I have a time series dataset of product given below:
date product price amount
11/17/2019 A 10 20
11/19/2019 A 15 20
11/24/2019 A 20 30
12/01/2019 C 40 50
12/05/2019 C 45 35
This data has a missing days ("MM/dd/YYYY") between the start and end date of data for each product.

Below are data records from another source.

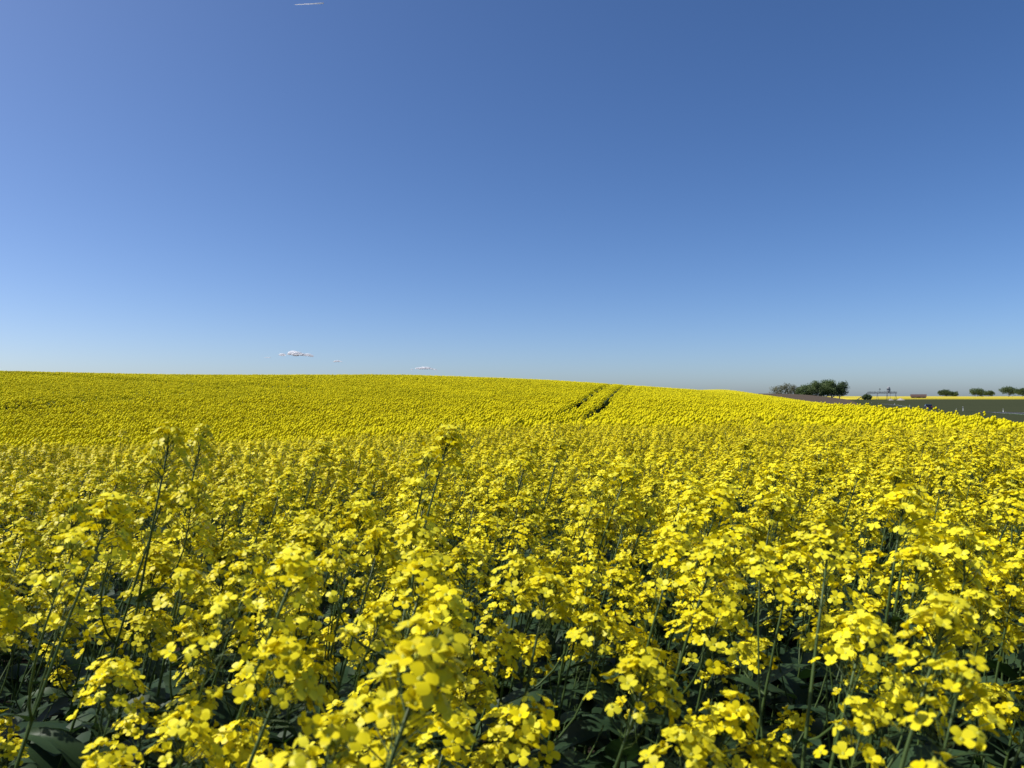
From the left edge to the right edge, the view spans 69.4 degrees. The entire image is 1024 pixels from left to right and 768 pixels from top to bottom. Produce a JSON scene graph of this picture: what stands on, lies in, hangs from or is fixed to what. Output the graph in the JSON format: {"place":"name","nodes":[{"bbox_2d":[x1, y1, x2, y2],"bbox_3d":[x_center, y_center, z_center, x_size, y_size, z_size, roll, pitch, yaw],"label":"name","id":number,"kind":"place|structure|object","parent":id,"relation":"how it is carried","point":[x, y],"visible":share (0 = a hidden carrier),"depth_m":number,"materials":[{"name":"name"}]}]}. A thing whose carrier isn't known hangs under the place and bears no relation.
{"place":"outdoors","nodes":[
{"label":"outdoors","id":0,"kind":"place"},
{"bbox_2d":[279,351,313,356],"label":"cloud","id":1,"kind":"structure","parent":0,"point":[294,353],"depth_m":6699.71,"materials":[{"name":"white"}]},
{"bbox_2d":[295,2,323,4],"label":"contrail","id":2,"kind":"object","parent":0,"point":[310,3],"visible":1,"depth_m":8637.83,"materials":[{"name":"white"}]},
{"bbox_2d":[0,370,826,411],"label":"rapeseed field","id":3,"kind":"structure","parent":0,"point":[70,388],"depth_m":70.85,"materials":[{"name":"yellow plant"}]},
{"bbox_2d":[411,367,436,369],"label":"cloud","id":4,"kind":"structure","parent":0,"point":[424,368],"depth_m":6928.73,"materials":[{"name":"white"}]},
{"bbox_2d":[0,413,1023,767],"bbox_3d":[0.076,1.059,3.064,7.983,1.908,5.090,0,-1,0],"label":"rape field","id":5,"kind":"structure","parent":0,"point":[284,664],"depth_m":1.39,"materials":[{"name":"yellow plant"}]},
{"bbox_2d":[29,422,973,767],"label":"rapeseed plants","id":6,"kind":"object","parent":5,"relation":"on","point":[67,746],"visible":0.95,"depth_m":1.72,"materials":[{"name":"plant"}]},
{"bbox_2d":[0,393,1023,452],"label":"rape field","id":7,"kind":"structure","parent":0,"point":[281,417],"depth_m":43.20,"materials":[{"name":"yellow plant"}]},
{"bbox_2d":[0,394,1023,767],"bbox_3d":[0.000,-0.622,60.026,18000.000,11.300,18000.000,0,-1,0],"label":"ground","id":8,"kind":"structure","parent":0,"point":[970,406],"depth_m":169.07,"materials":[{"name":"brown soil"}]},
{"bbox_2d":[769,385,784,393],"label":"tree","id":9,"kind":"object","parent":8,"relation":"on","point":[774,389],"visible":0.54,"depth_m":658.43,"materials":[{"name":"green plant"}]},
{"bbox_2d":[774,382,794,393],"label":"tree","id":10,"kind":"object","parent":8,"relation":"on","point":[785,388],"visible":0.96,"depth_m":646.70,"materials":[{"name":"green plant"}]},
{"bbox_2d":[787,385,798,393],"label":"tree","id":11,"kind":"object","parent":8,"relation":"on","point":[792,388],"visible":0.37,"depth_m":656.90,"materials":[{"name":"green plant"}]},
{"bbox_2d":[794,385,809,394],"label":"tree","id":12,"kind":"object","parent":8,"relation":"on","point":[801,390],"visible":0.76,"depth_m":641.49,"materials":[{"name":"green plant"}]},
{"bbox_2d":[800,383,818,395],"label":"tree","id":13,"kind":"object","parent":8,"relation":"on","point":[808,388],"visible":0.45,"depth_m":649.42,"materials":[{"name":"green plant"}]},
{"bbox_2d":[807,380,830,396],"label":"tree","id":14,"kind":"object","parent":8,"relation":"on","point":[817,388],"visible":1,"depth_m":636.81,"materials":[{"name":"green plant"}]},
{"bbox_2d":[817,379,832,396],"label":"tree","id":15,"kind":"object","parent":8,"relation":"on","point":[826,383],"visible":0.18,"depth_m":648.04,"materials":[{"name":"green plant"}]},
{"bbox_2d":[823,379,844,396],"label":"tree","id":16,"kind":"object","parent":8,"relation":"on","point":[831,386],"visible":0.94,"depth_m":635.05,"materials":[{"name":"green plant"}]},
{"bbox_2d":[832,380,849,397],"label":"tree","id":17,"kind":"object","parent":8,"relation":"on","point":[843,385],"visible":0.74,"depth_m":637.77,"materials":[{"name":"green plant"}]},
{"bbox_2d":[862,394,871,399],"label":"bush","id":18,"kind":"object","parent":8,"relation":"on","point":[867,396],"visible":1,"depth_m":647.61,"materials":[{"name":"green plant"}]},
{"bbox_2d":[857,386,903,399],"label":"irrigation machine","id":19,"kind":"object","parent":8,"relation":"on","point":[888,389],"visible":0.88,"depth_m":676.18,"materials":[{"name":"metal"}]},
{"bbox_2d":[0,0,1023,395],"label":"sky","id":20,"kind":"structure","parent":0,"point":[751,196],"materials":[{"name":"blue"}]},
{"bbox_2d":[825,396,1023,399],"bbox_3d":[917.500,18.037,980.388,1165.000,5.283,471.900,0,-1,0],"label":"rape field","id":21,"kind":"structure","parent":0,"point":[934,397],"depth_m":864.44,"materials":[{"name":"yellow plant"}]},
{"bbox_2d":[910,394,926,397],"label":"barn","id":22,"kind":"structure","parent":21,"relation":"on","point":[918,395],"depth_m":786.06,"materials":[{"name":"brown"}]},
{"bbox_2d":[937,390,949,395],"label":"tree","id":23,"kind":"object","parent":21,"relation":"on","point":[943,392],"visible":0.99,"depth_m":1077.33,"materials":[{"name":"green plant"}]},
{"bbox_2d":[948,391,958,395],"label":"tree","id":24,"kind":"object","parent":21,"relation":"on","point":[952,393],"visible":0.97,"depth_m":1088.83,"materials":[{"name":"green plant"}]},
{"bbox_2d":[969,388,985,396],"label":"tree","id":25,"kind":"object","parent":21,"relation":"on","point":[978,391],"visible":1,"depth_m":1046.90,"materials":[{"name":"green plant"}]},
{"bbox_2d":[984,390,995,396],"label":"tree","id":26,"kind":"object","parent":21,"relation":"on","point":[988,393],"visible":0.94,"depth_m":1055.05,"materials":[{"name":"green plant"}]},
{"bbox_2d":[999,386,1017,396],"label":"tree","id":27,"kind":"object","parent":21,"relation":"on","point":[1009,390],"visible":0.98,"depth_m":993.71,"materials":[{"name":"green plant"}]},
{"bbox_2d":[1013,388,1023,395],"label":"tree","id":28,"kind":"object","parent":21,"relation":"on","point":[1019,391],"visible":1,"depth_m":978.15,"materials":[{"name":"green plant"}]},
{"bbox_2d":[886,404,1023,414],"bbox_3d":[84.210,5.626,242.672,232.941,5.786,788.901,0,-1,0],"label":"road","id":29,"kind":"structure","parent":0,"point":[1017,413],"depth_m":132.51,"materials":[{"name":"grey asphalt"}]},
{"bbox_2d":[924,404,931,408],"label":"suv","id":30,"kind":"object","parent":29,"relation":"on","point":[929,406],"visible":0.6,"depth_m":232.41,"materials":[{"name":"blue paint"}]}
]}

I am trying to fill missing date with zero rows and convert to previous table into a table given below:
date product price amount
11/17/2019 A 10 20
11/18/2019 A 0 0
11/19/2019 A 15 20
11/20/2019 A 0 0
11/21/2019 A 0 0
11/22/2019 A 0 0
11/23/2019 A 0 0
11/24/2019 A 20 30
12/01/2019 C 40 50
12/02/2019 C 0 0
12/03/2019 C 0 0
12/04/2019 C 0 0
12/05/2019 C 45 35
To get this conversion, I used the code:
import pandas as pd
import numpy as np
data=pd.read_csv("test.txt", sep="\t", parse_dates=['date'])
data=data.set_index(["date", "product"])
start=data.first_valid_index()[0]
end=data.last_valid_index()[0]
df=data.set_index("date").reindex(pd.date_range(start,end, freq="1D"), fill_values=0)
However the code gives an error. Is there any way to get this conversion efficiently?